--- Input data Enclosed Below ---
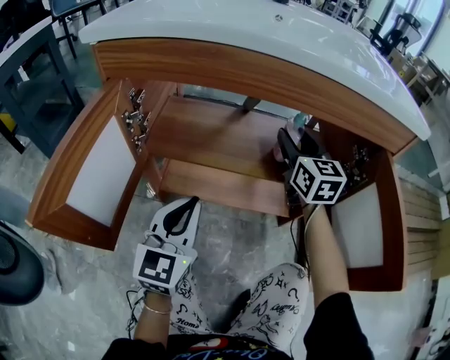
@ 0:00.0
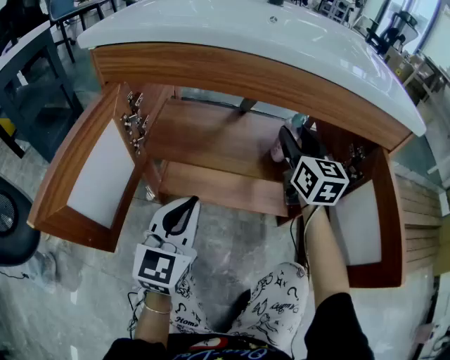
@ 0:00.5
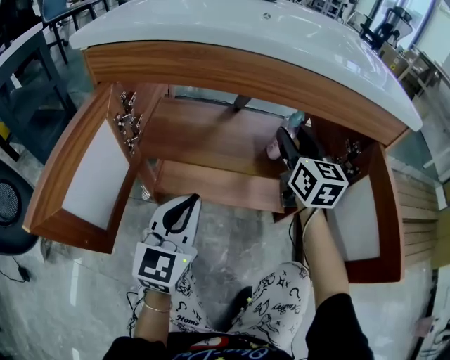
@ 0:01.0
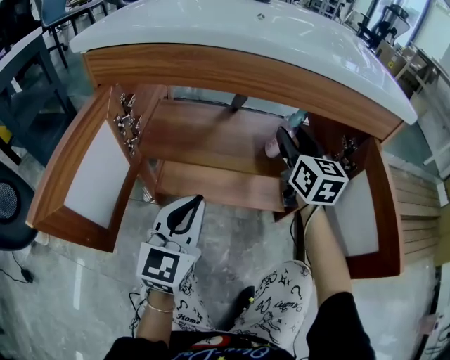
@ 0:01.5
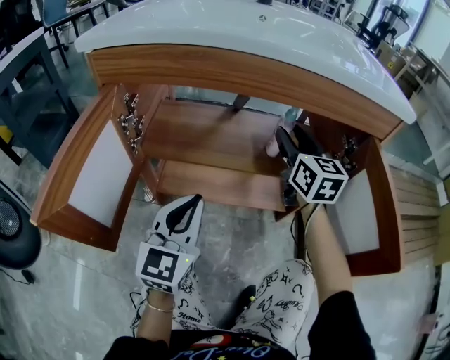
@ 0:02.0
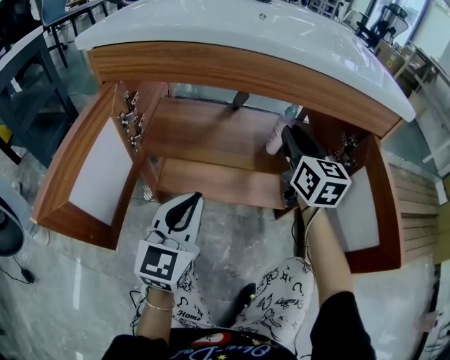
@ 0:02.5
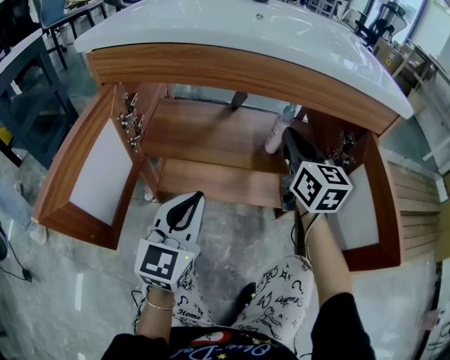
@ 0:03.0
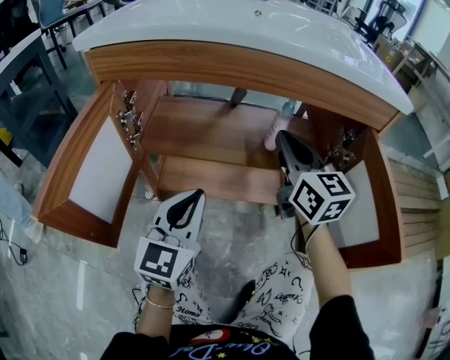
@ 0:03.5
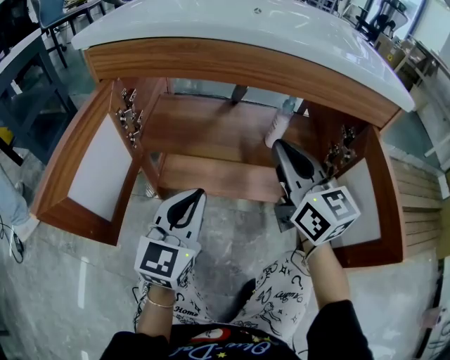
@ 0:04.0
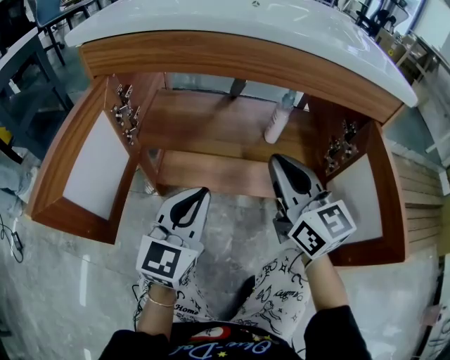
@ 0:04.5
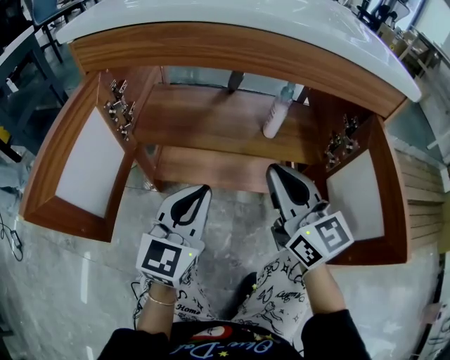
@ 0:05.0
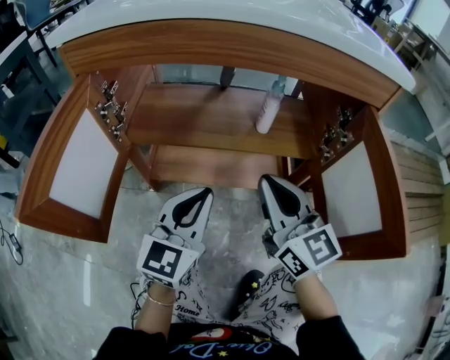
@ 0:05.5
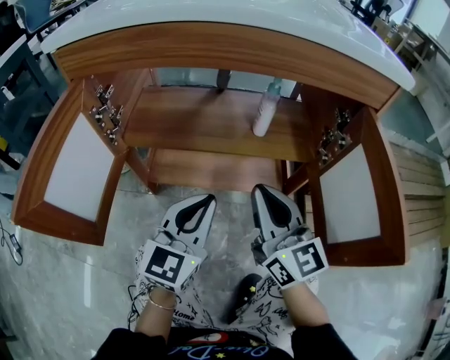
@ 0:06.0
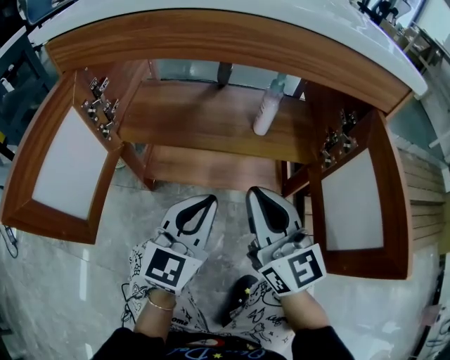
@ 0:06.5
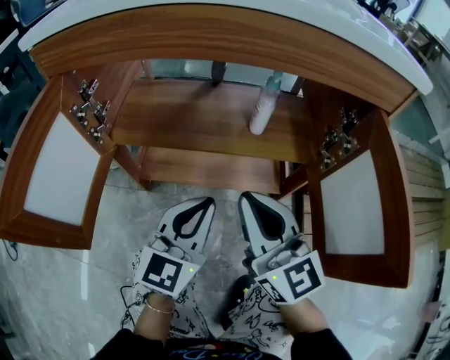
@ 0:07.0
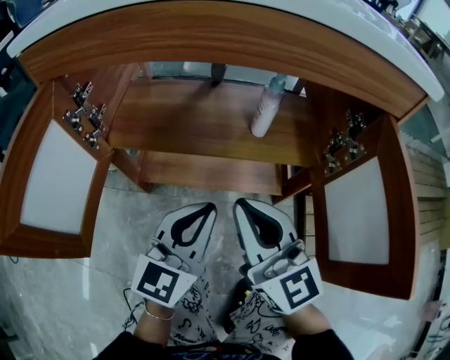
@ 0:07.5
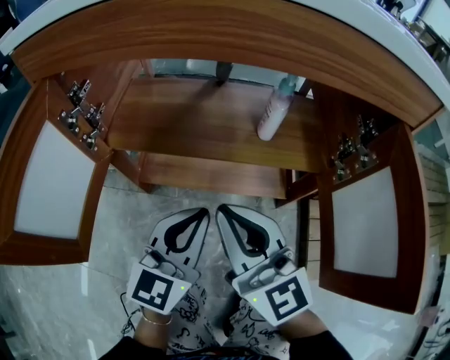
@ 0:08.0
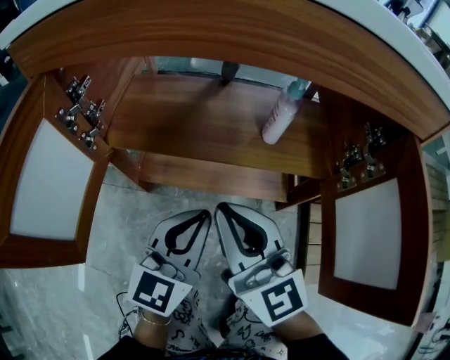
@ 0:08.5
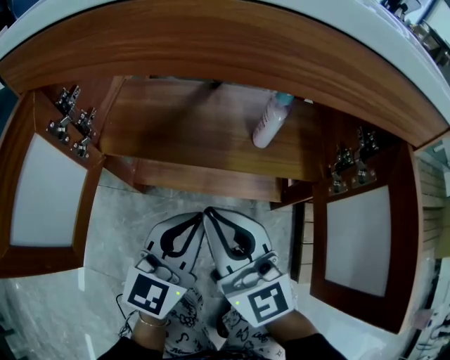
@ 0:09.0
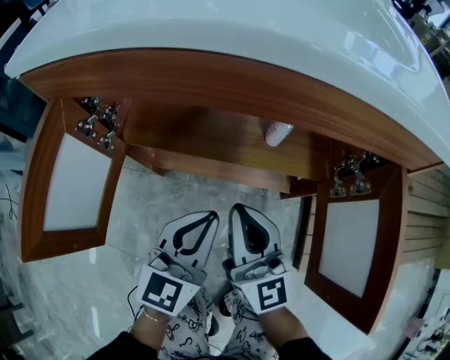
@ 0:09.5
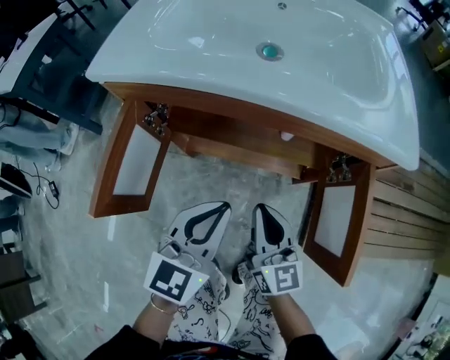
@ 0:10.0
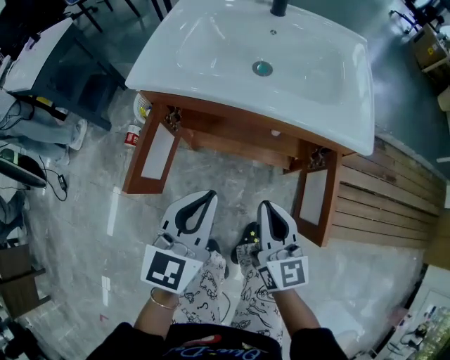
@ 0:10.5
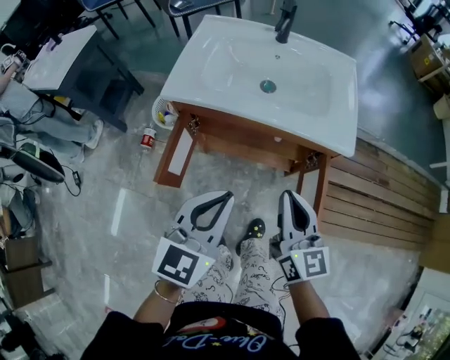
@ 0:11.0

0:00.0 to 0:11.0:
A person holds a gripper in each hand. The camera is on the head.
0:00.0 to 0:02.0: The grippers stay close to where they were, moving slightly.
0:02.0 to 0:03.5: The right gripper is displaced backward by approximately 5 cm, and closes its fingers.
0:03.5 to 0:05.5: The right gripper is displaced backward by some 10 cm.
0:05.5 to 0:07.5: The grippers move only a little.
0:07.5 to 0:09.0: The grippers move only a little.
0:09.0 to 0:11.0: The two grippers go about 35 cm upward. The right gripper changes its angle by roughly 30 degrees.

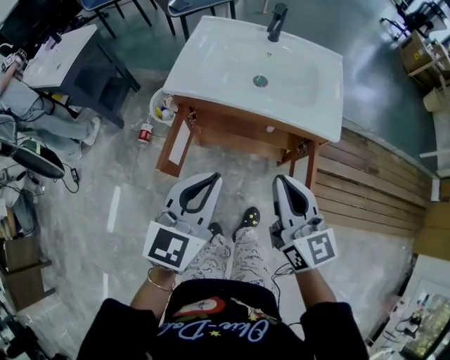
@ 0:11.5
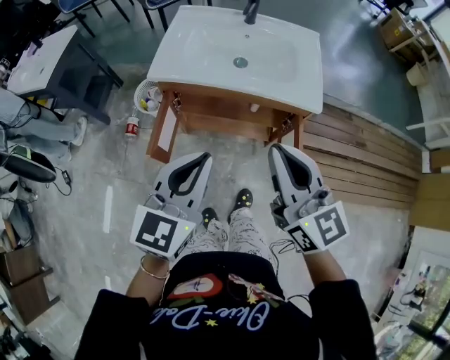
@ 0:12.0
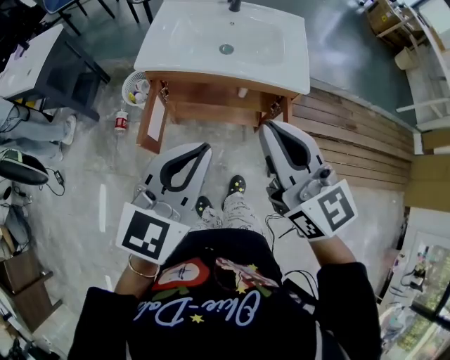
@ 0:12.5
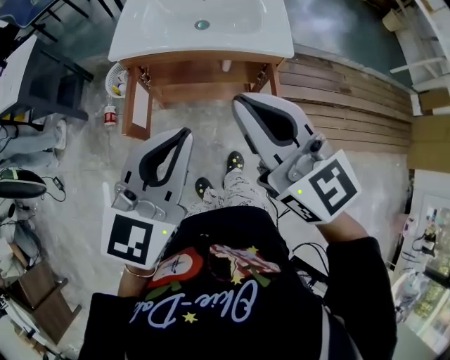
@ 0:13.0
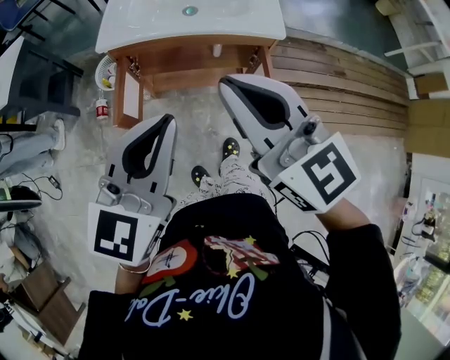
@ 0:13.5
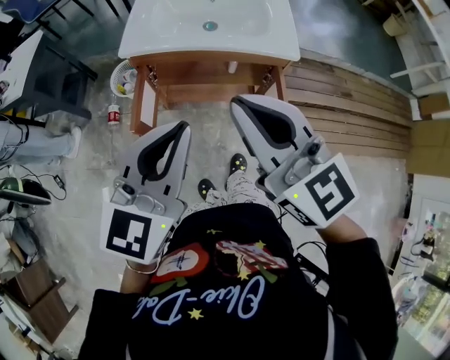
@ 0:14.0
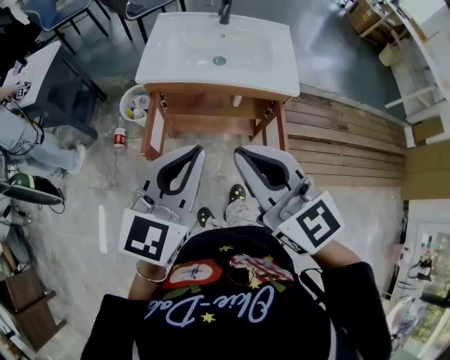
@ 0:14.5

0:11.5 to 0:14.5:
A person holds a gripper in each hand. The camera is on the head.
--- End of Enclosed Input data ---
Task details
Only the entries themselves should be output, word for word, with all pictures omitted.

Response to this task
@ 0:00.0
@ 0:00.5
@ 0:01.0
@ 0:01.5
@ 0:02.0
@ 0:02.5
@ 0:03.0
@ 0:03.5
@ 0:04.0
@ 0:04.5
@ 0:05.0
@ 0:05.5
@ 0:06.0
@ 0:06.5
@ 0:07.0
@ 0:07.5
@ 0:08.0
@ 0:08.5
@ 0:09.0
@ 0:09.5
@ 0:10.0
@ 0:10.5
@ 0:11.0

0:00.0 to 0:11.0:
A person holds a gripper in each hand. The camera is on the head.
0:00.0 to 0:02.0: The grippers stay close to where they were, moving slightly.
0:02.0 to 0:03.5: The right gripper is displaced backward by approximately 5 cm, and closes its fingers.
0:03.5 to 0:05.5: The right gripper is displaced backward by some 10 cm.
0:05.5 to 0:07.5: The grippers move only a little.
0:07.5 to 0:09.0: The grippers move only a little.
0:09.0 to 0:11.0: The two grippers go about 35 cm upward. The right gripper changes its angle by roughly 30 degrees.

@ 0:11.5
@ 0:12.0
@ 0:12.5
@ 0:13.0
@ 0:13.5
@ 0:14.0
@ 0:14.5

0:11.5 to 0:14.5:
A person holds a gripper in each hand. The camera is on the head.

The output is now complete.